ИНТЕРЛЮДИЯ: ПЕСНЯ КРАСНОГО ВОЛКА (1.)
Я – красный волк.
Я обложен, как беглый зэка
И охотничьи слышу рожки…
Я – красный волк.
Моя шкура впитала закат,
Мне не страшно бежать на флажки…
Я – красный волк.
Серым выбили зубы, шакал
В ихней стае теперь вожаком,
А. я – красный волк.
Так неужели жакан
Промахнется с десятка шагов?!
Когда пуля ослепнет,
И пламя взвоет: «Ложись!»
Рассмеется вослед мне
Моя прошлая
серая жизнь.
Сговорится двустволка
С ней на красной пене —
Ведь у красного волка
На снегу смерть краснее вдвойне!
Я – красный волк. Пожелтела луна от тоски,
У нее календарный запой…
Я – красный волк.
Жить с волками, а быть по-людски —
Это значит – остаться собой.
Я – красный волк.
Волчья ягода – мой талисман,
Я на ней настоял свою кровь!
Я – красный волк.
Мною ночь довольна весьма,
Этой мастью, давая мне кров…
1. Слова А.Земскова
14.
Весь день они перележали недалеко от дороги, по которой шли войска, в густом кустарнике. Спали, просыпались, снова спали, пока не отлежались. Дорога на какое-то время опустела, в вечернем свете все еще висела над нею сухая пыль.
– Они серьезно взялись за подготовку к походу, – «Рубака» кусал травинку. – Сколько же тут войск, черт бы их побрал!

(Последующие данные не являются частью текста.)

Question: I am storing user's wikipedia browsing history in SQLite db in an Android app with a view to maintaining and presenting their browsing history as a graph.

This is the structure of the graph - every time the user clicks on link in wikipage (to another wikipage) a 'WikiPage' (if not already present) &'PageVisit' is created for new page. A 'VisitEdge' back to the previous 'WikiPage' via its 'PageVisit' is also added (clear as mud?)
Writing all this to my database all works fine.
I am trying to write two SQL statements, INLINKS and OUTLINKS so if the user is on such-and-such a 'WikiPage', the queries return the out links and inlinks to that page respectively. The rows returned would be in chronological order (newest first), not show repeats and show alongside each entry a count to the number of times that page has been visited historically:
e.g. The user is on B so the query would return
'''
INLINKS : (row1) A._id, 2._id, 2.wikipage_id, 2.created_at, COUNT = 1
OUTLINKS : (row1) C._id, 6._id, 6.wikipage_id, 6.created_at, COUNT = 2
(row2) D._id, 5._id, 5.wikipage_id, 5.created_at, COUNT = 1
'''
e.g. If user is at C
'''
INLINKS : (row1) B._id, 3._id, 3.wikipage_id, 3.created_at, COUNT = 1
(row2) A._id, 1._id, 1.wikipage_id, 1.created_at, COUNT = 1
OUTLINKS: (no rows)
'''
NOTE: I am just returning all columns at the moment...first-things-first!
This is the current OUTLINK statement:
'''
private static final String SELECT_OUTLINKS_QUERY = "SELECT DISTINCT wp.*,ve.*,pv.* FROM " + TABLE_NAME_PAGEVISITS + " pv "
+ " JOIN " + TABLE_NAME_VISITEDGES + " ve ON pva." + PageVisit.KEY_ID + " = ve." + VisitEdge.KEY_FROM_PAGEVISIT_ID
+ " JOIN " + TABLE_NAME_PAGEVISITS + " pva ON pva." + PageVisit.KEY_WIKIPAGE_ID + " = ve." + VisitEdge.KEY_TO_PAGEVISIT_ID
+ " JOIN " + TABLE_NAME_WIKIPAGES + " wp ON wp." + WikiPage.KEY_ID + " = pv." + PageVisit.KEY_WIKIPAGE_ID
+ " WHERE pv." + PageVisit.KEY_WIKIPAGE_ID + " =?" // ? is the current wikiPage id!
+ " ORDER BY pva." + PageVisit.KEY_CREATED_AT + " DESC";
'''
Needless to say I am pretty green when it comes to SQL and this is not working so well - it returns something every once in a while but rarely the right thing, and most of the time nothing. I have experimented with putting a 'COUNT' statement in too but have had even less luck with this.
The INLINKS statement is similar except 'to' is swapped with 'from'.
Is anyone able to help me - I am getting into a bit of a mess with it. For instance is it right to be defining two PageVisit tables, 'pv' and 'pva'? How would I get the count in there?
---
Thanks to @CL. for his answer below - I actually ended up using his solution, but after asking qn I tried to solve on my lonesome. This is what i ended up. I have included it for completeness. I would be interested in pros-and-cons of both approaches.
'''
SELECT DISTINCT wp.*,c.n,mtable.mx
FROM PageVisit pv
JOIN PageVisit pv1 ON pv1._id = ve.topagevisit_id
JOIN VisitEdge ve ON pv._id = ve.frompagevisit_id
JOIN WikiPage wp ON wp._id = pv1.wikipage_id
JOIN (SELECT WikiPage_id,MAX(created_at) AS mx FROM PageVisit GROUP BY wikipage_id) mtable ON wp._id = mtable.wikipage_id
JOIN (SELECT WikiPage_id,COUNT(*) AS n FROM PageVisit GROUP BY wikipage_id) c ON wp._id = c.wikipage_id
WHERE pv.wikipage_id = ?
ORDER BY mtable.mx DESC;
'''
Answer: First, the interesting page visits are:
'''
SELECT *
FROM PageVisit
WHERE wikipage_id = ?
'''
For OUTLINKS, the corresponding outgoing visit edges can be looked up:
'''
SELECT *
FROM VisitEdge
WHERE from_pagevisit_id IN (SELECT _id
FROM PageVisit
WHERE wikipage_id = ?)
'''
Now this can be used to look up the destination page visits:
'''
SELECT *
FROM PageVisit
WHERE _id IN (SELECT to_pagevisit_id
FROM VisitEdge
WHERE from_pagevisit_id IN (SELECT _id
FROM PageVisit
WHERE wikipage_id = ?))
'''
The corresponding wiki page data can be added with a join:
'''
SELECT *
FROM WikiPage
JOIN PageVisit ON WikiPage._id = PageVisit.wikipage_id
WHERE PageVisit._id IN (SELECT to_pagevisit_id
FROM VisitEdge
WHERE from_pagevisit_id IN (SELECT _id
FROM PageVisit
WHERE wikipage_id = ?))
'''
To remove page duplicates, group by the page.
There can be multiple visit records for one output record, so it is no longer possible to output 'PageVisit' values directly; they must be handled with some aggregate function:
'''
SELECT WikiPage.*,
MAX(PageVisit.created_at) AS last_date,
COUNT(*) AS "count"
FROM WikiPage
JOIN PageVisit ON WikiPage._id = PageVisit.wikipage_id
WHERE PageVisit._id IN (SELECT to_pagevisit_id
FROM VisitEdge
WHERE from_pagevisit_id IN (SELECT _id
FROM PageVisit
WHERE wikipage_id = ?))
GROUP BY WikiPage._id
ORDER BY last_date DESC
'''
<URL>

Ему никто не ответил. Игорь смотрел на эту дорогу, на висящую над нею в воздухе желтую пыль – и почему-то вспоминал, как в прошлом… нет, в позапрошлом (что это он?) году, летом… мысли как-то сбились, он никак не мог сообразить, о чем, собственно, думает. Потом почему-то услышалось, как ревет и трещит огонь, всплыли какие-то перекошенные лица под ногами, и РПП, из которого он стрелял через плечо, держась за веревку одной рукой, вдруг подскочил, попав ему по губам торцом… а мокрое от пота лицо Витьки Сердюкова приближалось так медленно… И вдруг это оказался не Витька, а Денис Карташов – сидя на поваленном дереве, он постукивал стволом РАПа по колену и, чему-то улыбаясь, пел по-английски дикую, заунывную старинную песню:
– Ах, бедный мой Томми,
бедный мой Том —
о-хэй… о-хэй…
Зачем ты покинул
старый свой дом —
о-хэй… о-хэй…
Под парусом черным пошли мы в набег —
Все семьдесят пять человек!..
о-хэй…
«Странно, почему я на экзамене?» – подумал Игорь. И сообразил, что просто спит. Он открыл глаза и снова увидел пустынную дорогу, но впереди уже где-то маячила темная голова нового строя.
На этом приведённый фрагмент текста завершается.